* **YOUR TASK**: The records that follow must be repeated verbatim, every one of them.

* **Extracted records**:

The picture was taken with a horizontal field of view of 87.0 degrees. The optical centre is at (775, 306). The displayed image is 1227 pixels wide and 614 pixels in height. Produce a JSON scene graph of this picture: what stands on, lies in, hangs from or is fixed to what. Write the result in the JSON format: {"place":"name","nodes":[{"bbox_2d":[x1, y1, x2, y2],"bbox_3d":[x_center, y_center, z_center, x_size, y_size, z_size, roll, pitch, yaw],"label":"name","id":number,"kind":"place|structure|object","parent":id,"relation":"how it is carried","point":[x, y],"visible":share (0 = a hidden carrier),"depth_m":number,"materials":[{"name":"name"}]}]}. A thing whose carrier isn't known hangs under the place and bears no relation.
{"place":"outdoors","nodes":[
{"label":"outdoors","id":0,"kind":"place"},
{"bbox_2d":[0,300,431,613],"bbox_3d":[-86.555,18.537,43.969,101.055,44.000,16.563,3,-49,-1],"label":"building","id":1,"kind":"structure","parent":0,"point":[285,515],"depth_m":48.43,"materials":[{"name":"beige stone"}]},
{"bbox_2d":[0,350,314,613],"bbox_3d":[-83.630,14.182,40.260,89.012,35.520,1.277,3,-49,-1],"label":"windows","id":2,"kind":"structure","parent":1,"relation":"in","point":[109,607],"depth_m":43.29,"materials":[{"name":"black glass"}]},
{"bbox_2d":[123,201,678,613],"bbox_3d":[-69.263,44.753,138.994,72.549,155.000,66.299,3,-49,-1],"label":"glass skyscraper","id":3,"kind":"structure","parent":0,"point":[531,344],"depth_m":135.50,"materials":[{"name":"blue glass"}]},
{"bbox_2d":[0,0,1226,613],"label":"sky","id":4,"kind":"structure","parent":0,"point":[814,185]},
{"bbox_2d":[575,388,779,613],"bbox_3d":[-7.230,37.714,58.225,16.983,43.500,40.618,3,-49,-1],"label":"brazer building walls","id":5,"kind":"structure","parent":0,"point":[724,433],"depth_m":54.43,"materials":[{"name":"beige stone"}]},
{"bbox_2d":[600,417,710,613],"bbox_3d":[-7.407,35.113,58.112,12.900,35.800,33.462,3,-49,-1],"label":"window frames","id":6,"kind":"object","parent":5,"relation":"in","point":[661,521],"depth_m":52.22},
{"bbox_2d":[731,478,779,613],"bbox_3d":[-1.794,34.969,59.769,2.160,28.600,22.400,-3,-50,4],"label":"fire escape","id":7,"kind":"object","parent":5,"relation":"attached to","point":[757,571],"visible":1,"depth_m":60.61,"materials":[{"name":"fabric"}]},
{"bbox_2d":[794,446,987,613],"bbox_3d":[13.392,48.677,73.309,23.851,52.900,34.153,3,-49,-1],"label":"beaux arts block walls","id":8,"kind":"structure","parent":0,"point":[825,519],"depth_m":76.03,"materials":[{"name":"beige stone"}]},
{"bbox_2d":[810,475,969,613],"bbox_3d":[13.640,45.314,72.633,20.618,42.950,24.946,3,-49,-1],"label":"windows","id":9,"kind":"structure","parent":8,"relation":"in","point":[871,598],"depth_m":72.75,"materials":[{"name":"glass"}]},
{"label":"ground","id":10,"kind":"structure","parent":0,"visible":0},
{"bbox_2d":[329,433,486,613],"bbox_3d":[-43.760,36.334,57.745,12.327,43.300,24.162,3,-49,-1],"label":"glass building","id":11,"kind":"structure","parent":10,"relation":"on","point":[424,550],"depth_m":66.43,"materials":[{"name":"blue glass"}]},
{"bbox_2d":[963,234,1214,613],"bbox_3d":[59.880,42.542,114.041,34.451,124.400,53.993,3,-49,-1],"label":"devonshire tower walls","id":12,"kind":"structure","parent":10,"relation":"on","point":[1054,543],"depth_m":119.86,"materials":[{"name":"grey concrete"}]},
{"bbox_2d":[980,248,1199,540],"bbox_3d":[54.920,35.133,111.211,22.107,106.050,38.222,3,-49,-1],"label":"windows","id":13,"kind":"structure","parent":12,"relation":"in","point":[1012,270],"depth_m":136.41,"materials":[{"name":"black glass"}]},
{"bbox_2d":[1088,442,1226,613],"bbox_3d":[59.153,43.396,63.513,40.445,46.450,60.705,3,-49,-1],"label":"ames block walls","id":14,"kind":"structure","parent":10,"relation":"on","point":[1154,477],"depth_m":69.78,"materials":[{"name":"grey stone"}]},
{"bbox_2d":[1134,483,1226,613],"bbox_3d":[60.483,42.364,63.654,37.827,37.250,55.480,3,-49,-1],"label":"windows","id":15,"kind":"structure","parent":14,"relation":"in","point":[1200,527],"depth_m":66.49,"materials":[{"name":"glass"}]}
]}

* **TASK SOLUTION**:
The picture was taken with a horizontal field of view of 87.0 degrees. The optical centre is at (775, 306). The displayed image is 1227 pixels wide and 614 pixels in height. Produce a JSON scene graph of this picture: what stands on, lies in, hangs from or is fixed to what. Write the result in the JSON format: {"place":"name","nodes":[{"bbox_2d":[x1, y1, x2, y2],"bbox_3d":[x_center, y_center, z_center, x_size, y_size, z_size, roll, pitch, yaw],"label":"name","id":number,"kind":"place|structure|object","parent":id,"relation":"how it is carried","point":[x, y],"visible":share (0 = a hidden carrier),"depth_m":number,"materials":[{"name":"name"}]}]}. A thing whose carrier isn't known hangs under the place and bears no relation.
{"place":"outdoors","nodes":[
{"label":"outdoors","id":0,"kind":"place"},
{"bbox_2d":[0,300,431,613],"bbox_3d":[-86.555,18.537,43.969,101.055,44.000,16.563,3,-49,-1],"label":"building","id":1,"kind":"structure","parent":0,"point":[285,515],"depth_m":48.43,"materials":[{"name":"beige stone"}]},
{"bbox_2d":[0,350,314,613],"bbox_3d":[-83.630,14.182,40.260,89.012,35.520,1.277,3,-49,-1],"label":"windows","id":2,"kind":"structure","parent":1,"relation":"in","point":[109,607],"depth_m":43.29,"materials":[{"name":"black glass"}]},
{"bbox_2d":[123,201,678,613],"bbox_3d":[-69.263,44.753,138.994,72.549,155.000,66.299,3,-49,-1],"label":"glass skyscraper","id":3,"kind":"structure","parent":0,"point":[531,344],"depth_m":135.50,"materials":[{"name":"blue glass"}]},
{"bbox_2d":[0,0,1226,613],"label":"sky","id":4,"kind":"structure","parent":0,"point":[814,185]},
{"bbox_2d":[575,388,779,613],"bbox_3d":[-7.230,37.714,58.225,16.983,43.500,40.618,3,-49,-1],"label":"brazer building walls","id":5,"kind":"structure","parent":0,"point":[724,433],"depth_m":54.43,"materials":[{"name":"beige stone"}]},
{"bbox_2d":[600,417,710,613],"bbox_3d":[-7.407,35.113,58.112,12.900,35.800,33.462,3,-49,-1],"label":"window frames","id":6,"kind":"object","parent":5,"relation":"in","point":[661,521],"depth_m":52.22},
{"bbox_2d":[731,478,779,613],"bbox_3d":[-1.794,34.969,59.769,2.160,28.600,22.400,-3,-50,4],"label":"fire escape","id":7,"kind":"object","parent":5,"relation":"attached to","point":[757,571],"visible":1,"depth_m":60.61,"materials":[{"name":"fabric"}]},
{"bbox_2d":[794,446,987,613],"bbox_3d":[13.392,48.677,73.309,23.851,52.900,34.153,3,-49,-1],"label":"beaux arts block walls","id":8,"kind":"structure","parent":0,"point":[825,519],"depth_m":76.03,"materials":[{"name":"beige stone"}]},
{"bbox_2d":[810,475,969,613],"bbox_3d":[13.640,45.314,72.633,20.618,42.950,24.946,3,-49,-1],"label":"windows","id":9,"kind":"structure","parent":8,"relation":"in","point":[871,598],"depth_m":72.75,"materials":[{"name":"glass"}]},
{"label":"ground","id":10,"kind":"structure","parent":0,"visible":0},
{"bbox_2d":[329,433,486,613],"bbox_3d":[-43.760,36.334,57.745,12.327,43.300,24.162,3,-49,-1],"label":"glass building","id":11,"kind":"structure","parent":10,"relation":"on","point":[424,550],"depth_m":66.43,"materials":[{"name":"blue glass"}]},
{"bbox_2d":[963,234,1214,613],"bbox_3d":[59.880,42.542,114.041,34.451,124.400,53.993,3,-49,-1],"label":"devonshire tower walls","id":12,"kind":"structure","parent":10,"relation":"on","point":[1054,543],"depth_m":119.86,"materials":[{"name":"grey concrete"}]},
{"bbox_2d":[980,248,1199,540],"bbox_3d":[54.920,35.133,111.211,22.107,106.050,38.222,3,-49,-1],"label":"windows","id":13,"kind":"structure","parent":12,"relation":"in","point":[1012,270],"depth_m":136.41,"materials":[{"name":"black glass"}]},
{"bbox_2d":[1088,442,1226,613],"bbox_3d":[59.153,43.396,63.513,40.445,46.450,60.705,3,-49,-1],"label":"ames block walls","id":14,"kind":"structure","parent":10,"relation":"on","point":[1154,477],"depth_m":69.78,"materials":[{"name":"grey stone"}]},
{"bbox_2d":[1134,483,1226,613],"bbox_3d":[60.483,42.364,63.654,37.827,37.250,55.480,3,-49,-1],"label":"windows","id":15,"kind":"structure","parent":14,"relation":"in","point":[1200,527],"depth_m":66.49,"materials":[{"name":"glass"}]}
]}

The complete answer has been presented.